Written by Craig Robertson, “Buckley’s Hope” is about William Buckley, a convict from Van Dieman’s Land who escaped to the mainland, and managed to assimilate into an Aboriginal tribe, in the main because they believed he was a returned ancestor. Robertson has tried to weave history, fictive imagination and dreamtime stories into the one narrative, and frankly it’s trite and clumsy.

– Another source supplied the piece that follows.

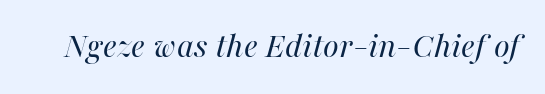
{"italic": "yes", "lean": "right", "slant_degrees": 16, "bold": "no", "weight": "regular", "width": "normal", "stroke_contrast": "high", "x_height": "medium", "monospaced": "no", "underline": "no", "letter_spacing": "normal", "letter_spacing_em": 0.0, "glyph_px": 36}

On the other hand, the details of Buckley’s adventure are fascinating. He married (twice) indigenous women, dressed in their clothes, hunted with them and shared their life for over 30 years. When he returned to European society, he could not speak English for a considerable period, so used was he to the dialect of the tribe he was with (the Wothoworung – Robertson’s spelling). This tribe lived in the area west of Melbourne. He rejoined the Europeans when Batman and Fawkner were vying over Port Phillip – they both wished to develop settlements there. He made considerable efforts to conciliate between the two cultures, but found that both parties ended up distrusting him. Eventually he migrated back to Van Dieman’s Land.
His story is fascinating and important as an incident of “reverse assimilation”. He seemed to find the companionship and belonging that he never found in convict society, but it’s difficult to know whether he would have been welcomed if the tribe knew his true identity.